Story Contact: Austin Fitzgerald, 573-882-6217, fitzgeraldac@missouri.edu

COLUMBIA, Mo. – New research from the University of Missouri has found that patients who could benefit the most from the convenience of online patient portals connected to their electronic medical records often don’t use them even after signing up for them.

In the United States, approximately 70 percent of health care spending goes toward patients with multiple chronic conditions. Many of these patients are encouraged to use electronic patient portals, which were incentivized by legislation in 2009 and allow secure internet access to electronic medical records. Researchers found that a significant portion of people who registered for electronic patient portals never logged in.

“We were troubled to see that so many patients never used the portal,” said Kimberly Powell, a post-doctoral fellow in aging, informatics and quality research at MU’s Sinclair School of Nursing. “We only looked at registered users, and registering for the portal is a two-step process that suggests a degree of commitment. The fact that many people who took the time to register never logged in to the portal indicates there is still work to be done.”

Powell and her colleague–Chelsea Deroche, assistant professor of biostatistics in MU’s School of Medicine–studied patients who were at least 45 years old, had registered for an electronic patient portal and had at least two chronic conditions. Though previous studies have measured the success of patient portals by the number of people who registered, this study looked at how many registered users actually logged in, finding that 35 percent never used the portal. There were no significant differences between registered non-users and those who did log in to the portal.

Researchers also identified several factors that influenced portal use among those who logged in.
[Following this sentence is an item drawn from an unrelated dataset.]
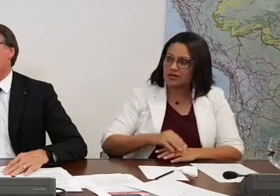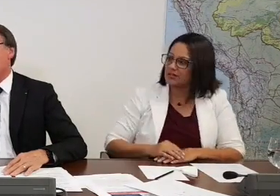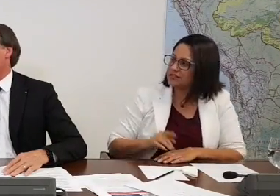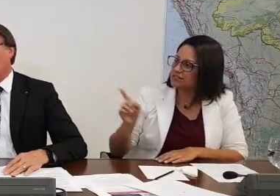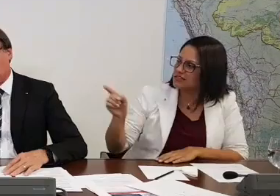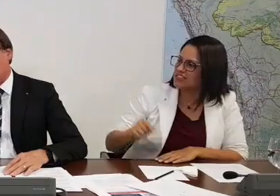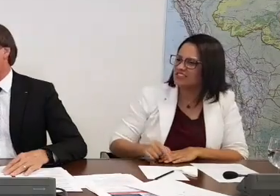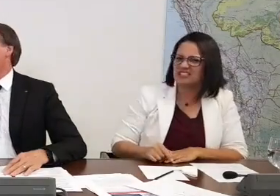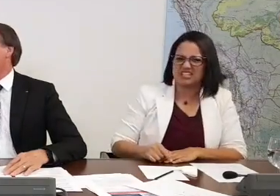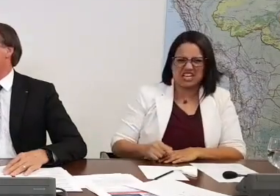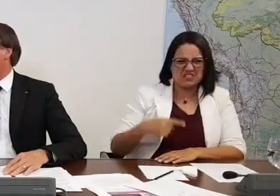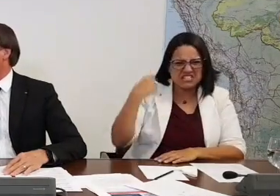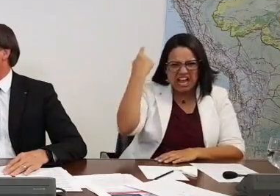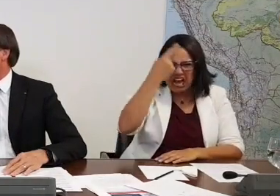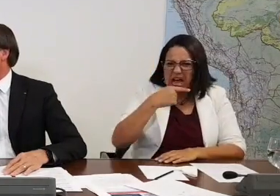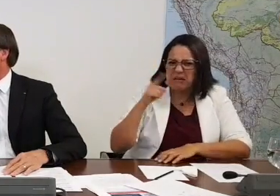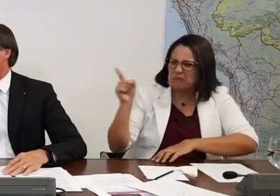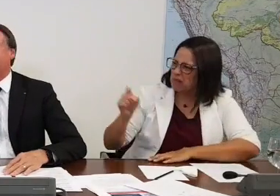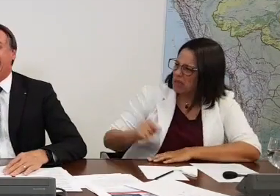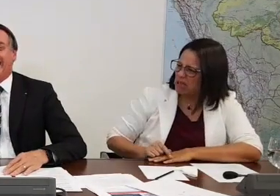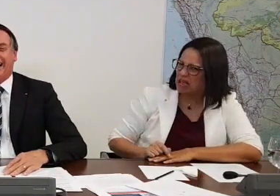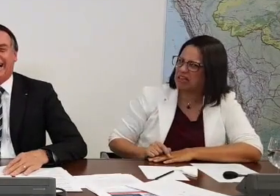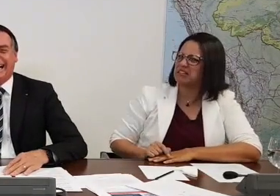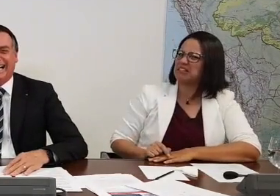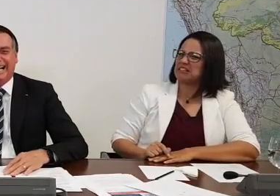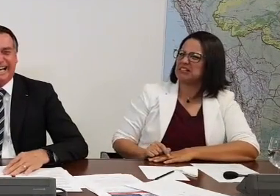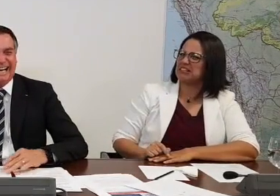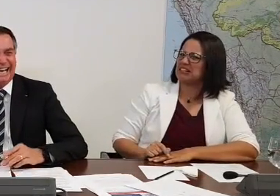Com essa cabeça aí, não nega, não, pô.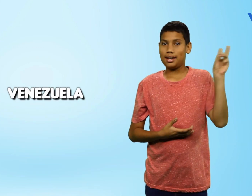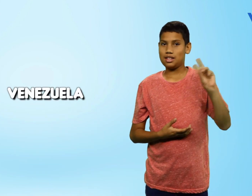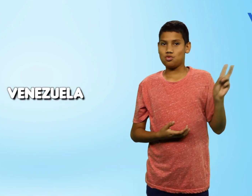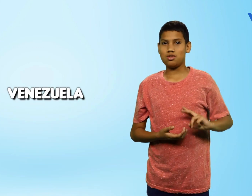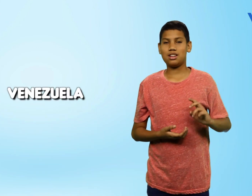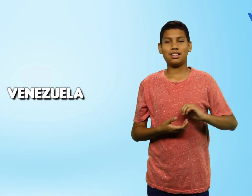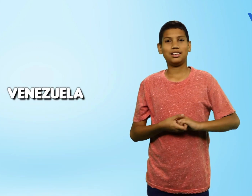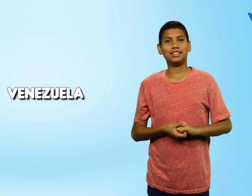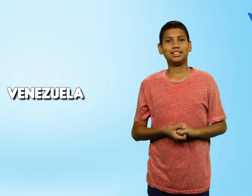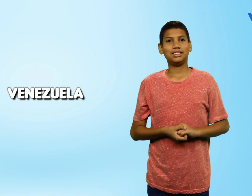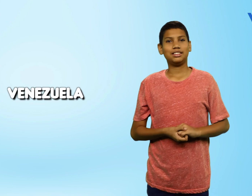Constitución

In particular, patients who were located farther from their primary care providers were more likely to use the portal, as were those diagnosed with heart failure.
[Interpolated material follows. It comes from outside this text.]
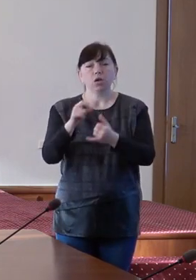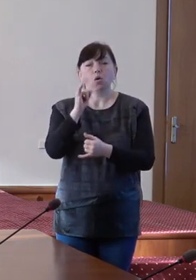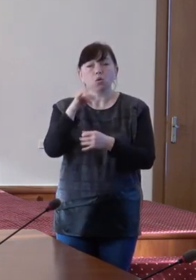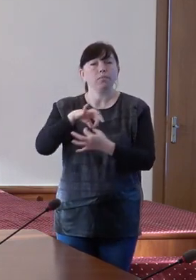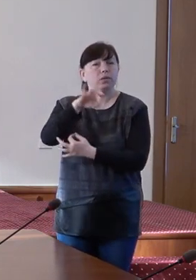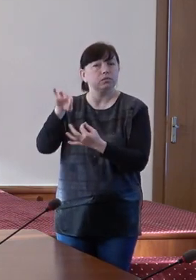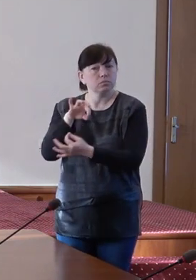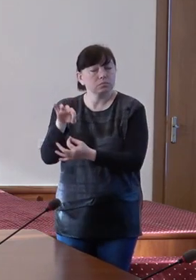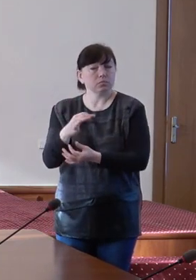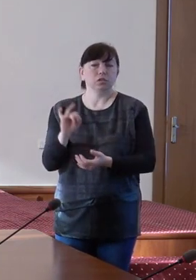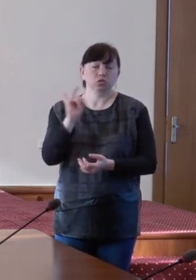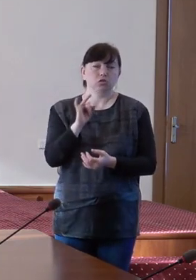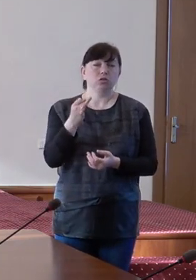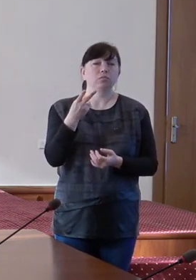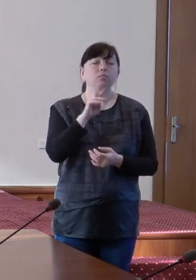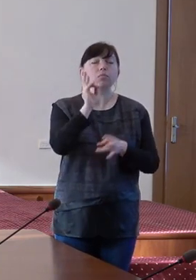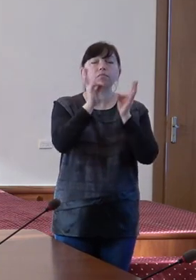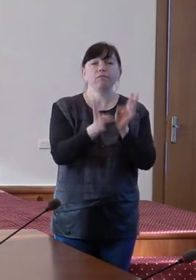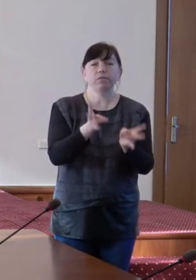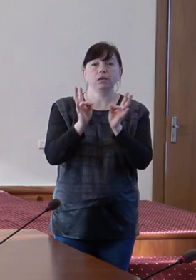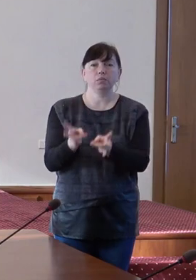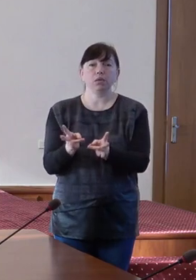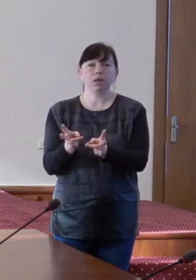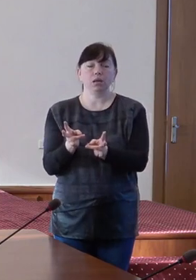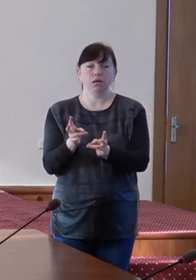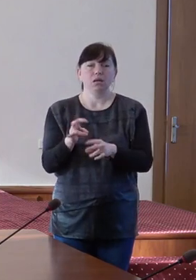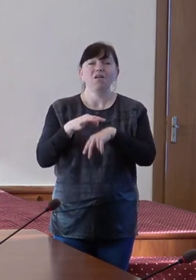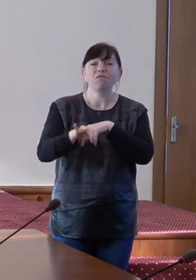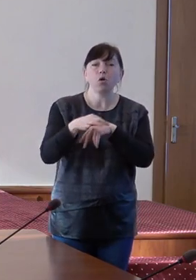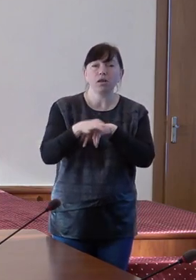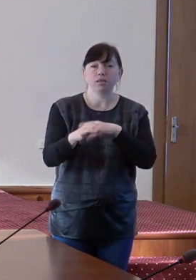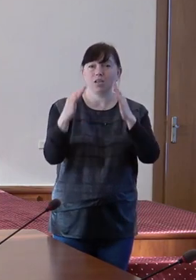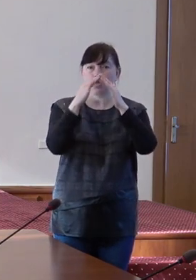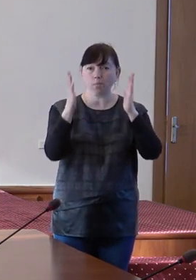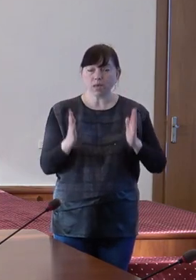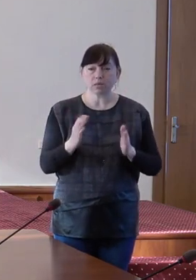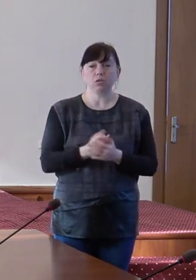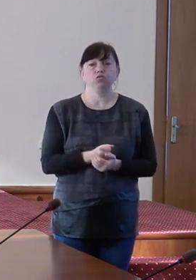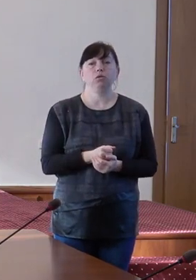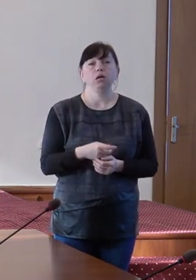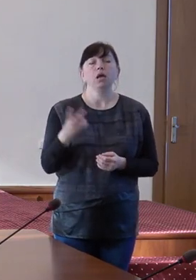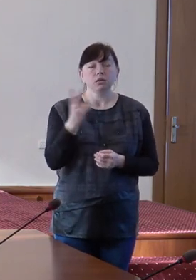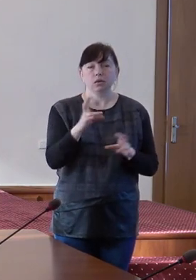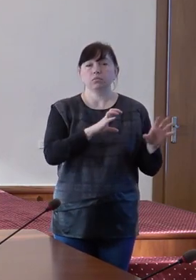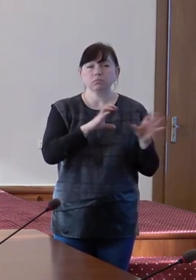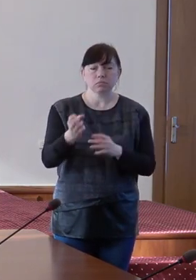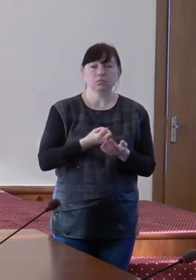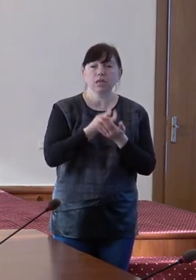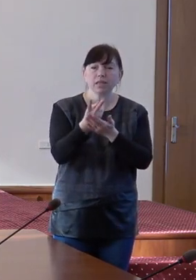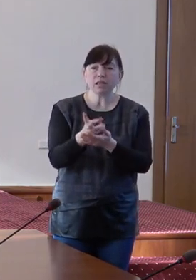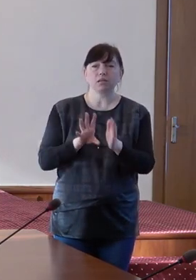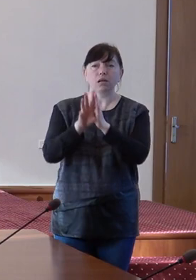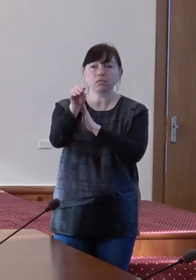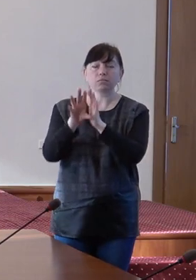rămași singuri, și pentru victimele a violenței domestice. trebuie să asigure internarea acestora,

“The importance of distance from primary care providers indicates patient portals could be beneficial for people in rural or underserved areas,” Powell said. “The potential is there, but with such a high rate of non-use, it is clear that portals need to be integrated into clinical care in a meaningful way.”

Powell said patient portals have the potential to improve shared decision-making in care facilities such as nursing homes, but providers must first integrate portals more seamlessly into clinical care and help guide patients in how to use them.

The study, “Predictors and patterns of portal use in patients with multiple chronic conditions,” is forthcoming in Chronic Illness.